__Record set__.
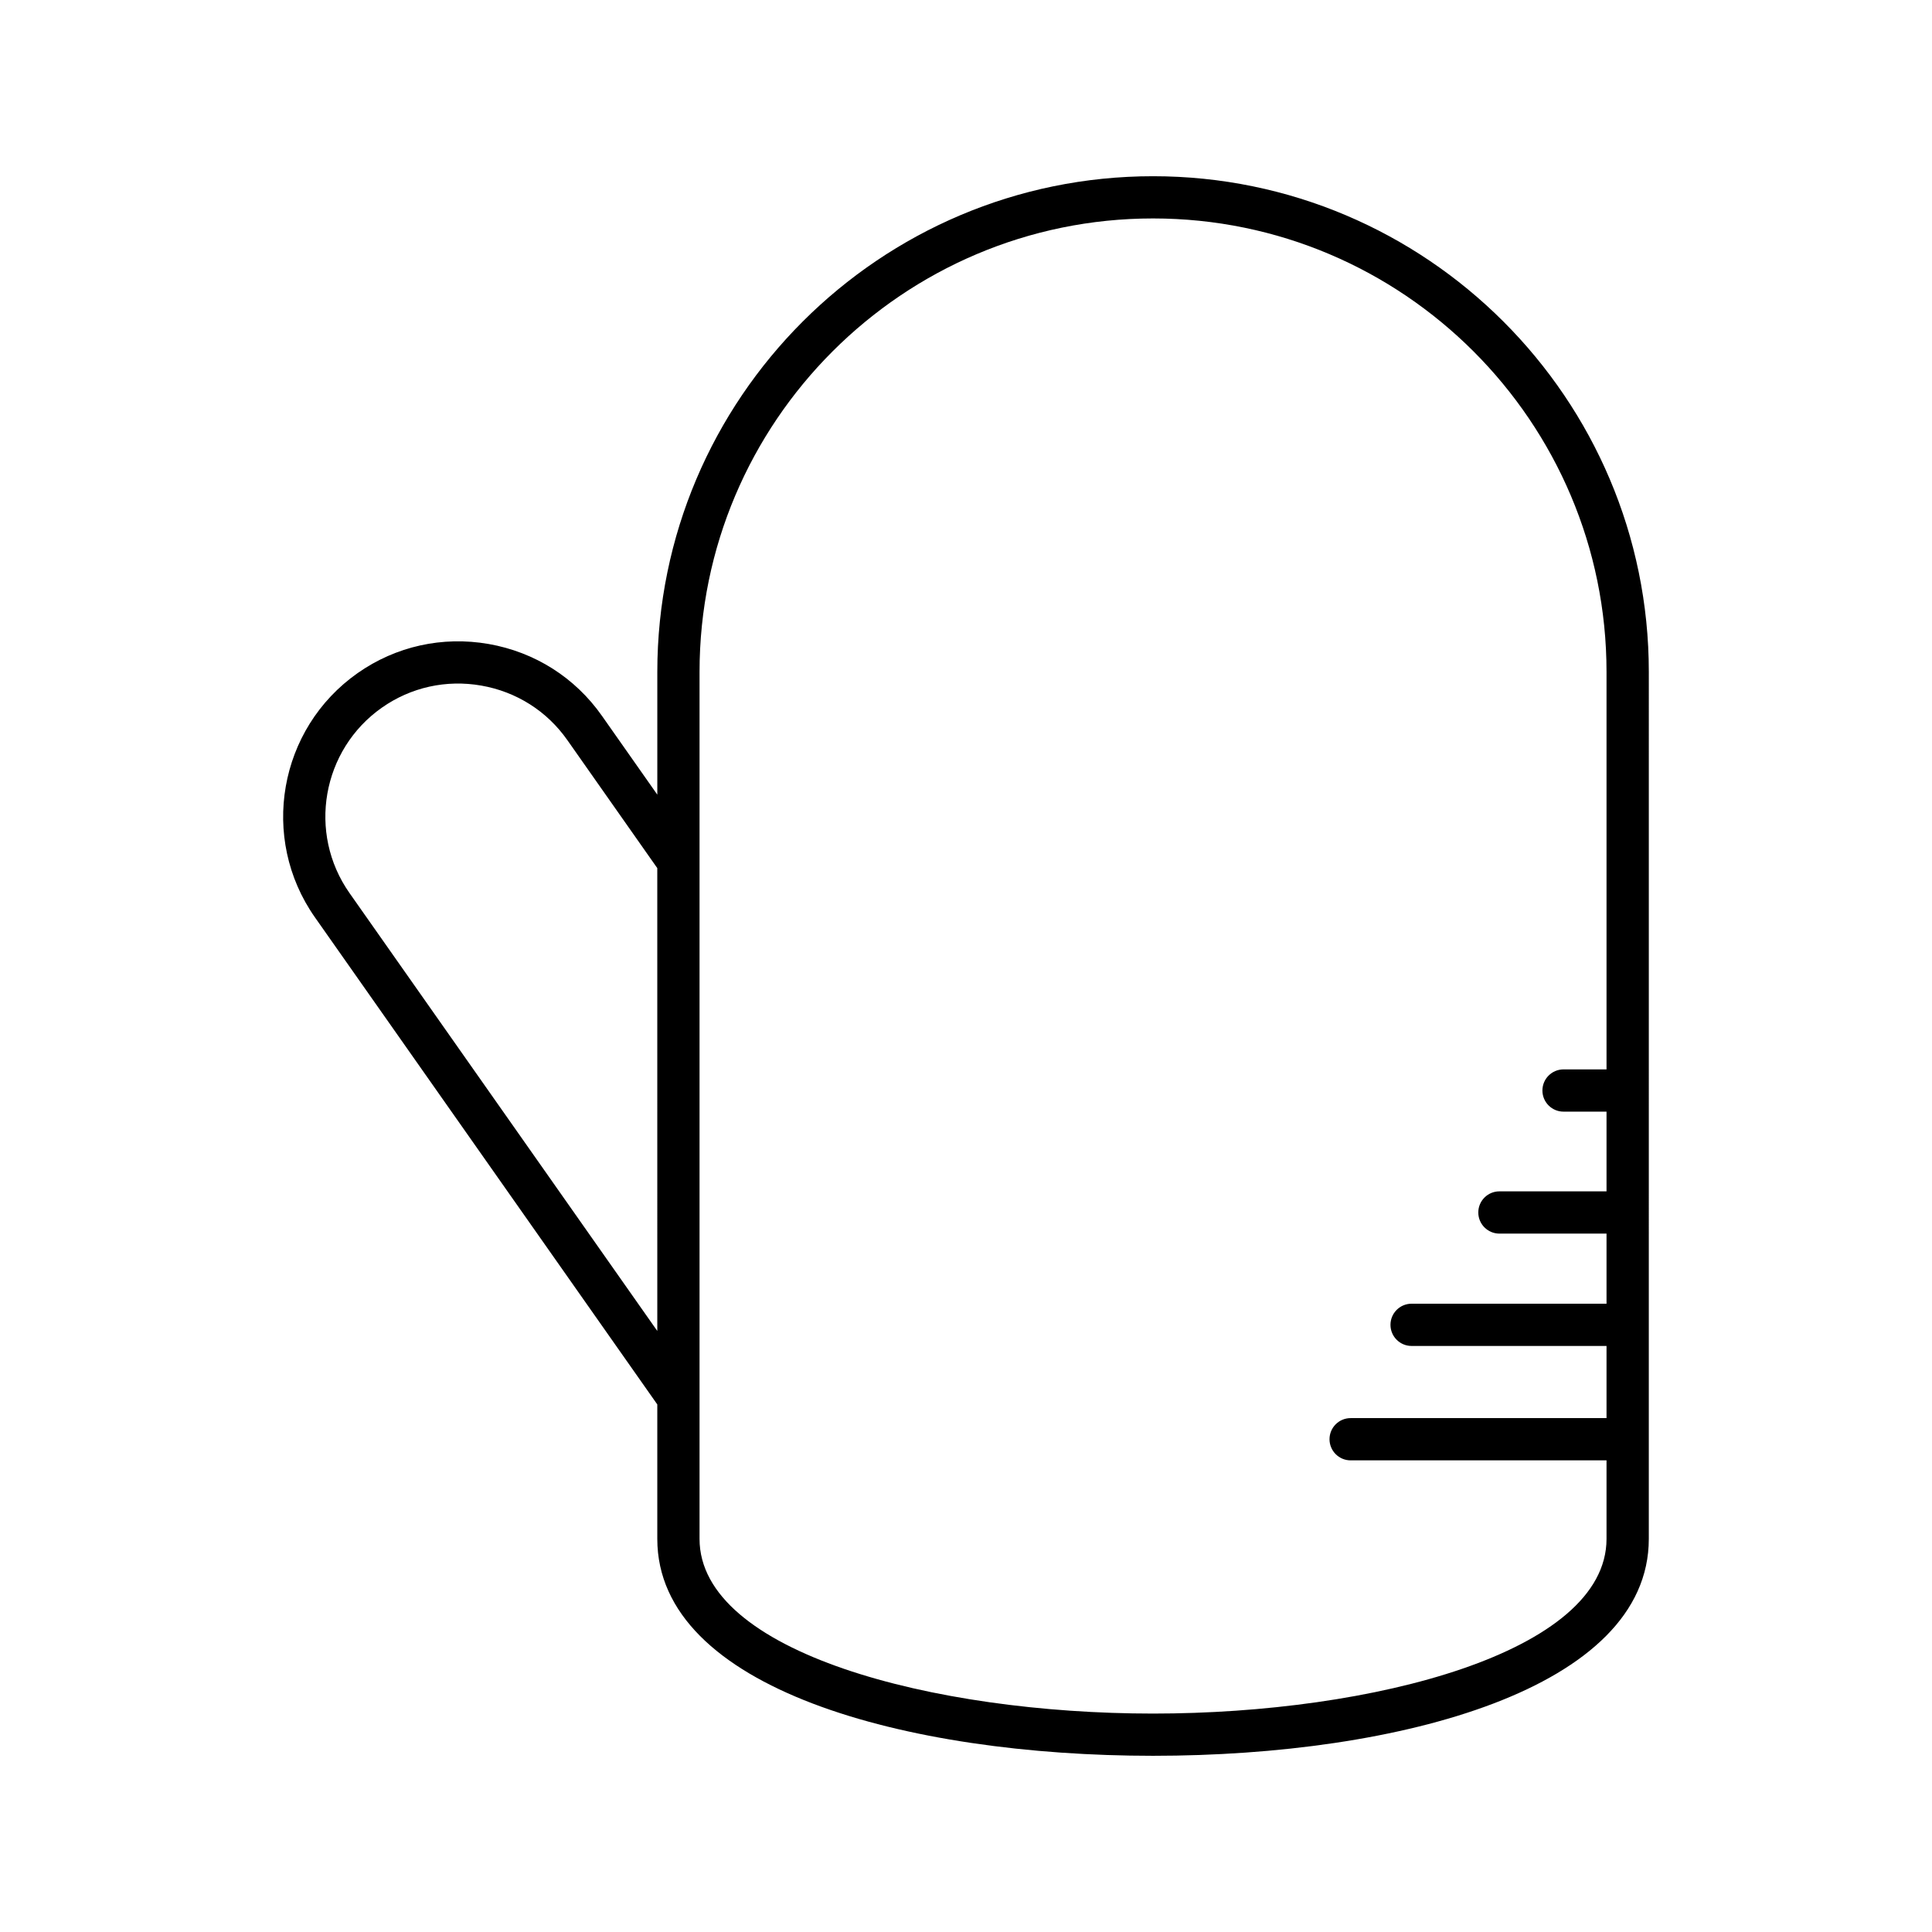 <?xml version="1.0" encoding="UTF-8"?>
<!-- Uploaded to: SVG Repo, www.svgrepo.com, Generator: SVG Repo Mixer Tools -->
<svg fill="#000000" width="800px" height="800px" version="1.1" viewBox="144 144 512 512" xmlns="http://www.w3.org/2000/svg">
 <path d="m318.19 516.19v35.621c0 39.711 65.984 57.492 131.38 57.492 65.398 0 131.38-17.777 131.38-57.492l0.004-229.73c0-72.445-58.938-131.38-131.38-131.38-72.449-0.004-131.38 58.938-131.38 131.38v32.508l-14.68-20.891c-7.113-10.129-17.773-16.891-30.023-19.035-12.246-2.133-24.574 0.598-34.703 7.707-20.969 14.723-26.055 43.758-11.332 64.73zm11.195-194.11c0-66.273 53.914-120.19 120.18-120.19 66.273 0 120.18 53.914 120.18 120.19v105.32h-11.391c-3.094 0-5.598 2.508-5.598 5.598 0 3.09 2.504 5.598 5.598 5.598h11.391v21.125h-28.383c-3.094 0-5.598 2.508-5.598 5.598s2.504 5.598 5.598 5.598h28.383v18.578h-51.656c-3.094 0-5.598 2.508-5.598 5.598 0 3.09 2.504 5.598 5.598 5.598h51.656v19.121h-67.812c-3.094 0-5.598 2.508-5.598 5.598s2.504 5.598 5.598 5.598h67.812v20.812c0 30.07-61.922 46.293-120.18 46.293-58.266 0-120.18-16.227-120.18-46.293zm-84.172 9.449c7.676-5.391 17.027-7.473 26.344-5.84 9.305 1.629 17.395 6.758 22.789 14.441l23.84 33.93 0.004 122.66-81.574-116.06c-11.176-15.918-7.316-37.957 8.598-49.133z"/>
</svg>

__What is expected__. With all pictures omitted, repeat every record above word for word.

__Output below__.
 <?xml version="1.0" encoding="UTF-8"?>
<!-- Uploaded to: SVG Repo, www.svgrepo.com, Generator: SVG Repo Mixer Tools -->
<svg fill="#000000" width="800px" height="800px" version="1.1" viewBox="144 144 512 512" xmlns="http://www.w3.org/2000/svg">
 <path d="m318.19 516.19v35.621c0 39.711 65.984 57.492 131.38 57.492 65.398 0 131.38-17.777 131.38-57.492l0.004-229.73c0-72.445-58.938-131.38-131.38-131.38-72.449-0.004-131.38 58.938-131.38 131.38v32.508l-14.68-20.891c-7.113-10.129-17.773-16.891-30.023-19.035-12.246-2.133-24.574 0.598-34.703 7.707-20.969 14.723-26.055 43.758-11.332 64.73zm11.195-194.11c0-66.273 53.914-120.19 120.18-120.19 66.273 0 120.18 53.914 120.18 120.19v105.32h-11.391c-3.094 0-5.598 2.508-5.598 5.598 0 3.09 2.504 5.598 5.598 5.598h11.391v21.125h-28.383c-3.094 0-5.598 2.508-5.598 5.598s2.504 5.598 5.598 5.598h28.383v18.578h-51.656c-3.094 0-5.598 2.508-5.598 5.598 0 3.09 2.504 5.598 5.598 5.598h51.656v19.121h-67.812c-3.094 0-5.598 2.508-5.598 5.598s2.504 5.598 5.598 5.598h67.812v20.812c0 30.07-61.922 46.293-120.18 46.293-58.266 0-120.18-16.227-120.18-46.293zm-84.172 9.449c7.676-5.391 17.027-7.473 26.344-5.84 9.305 1.629 17.395 6.758 22.789 14.441l23.84 33.93 0.004 122.66-81.574-116.06c-11.176-15.918-7.316-37.957 8.598-49.133z"/>
</svg>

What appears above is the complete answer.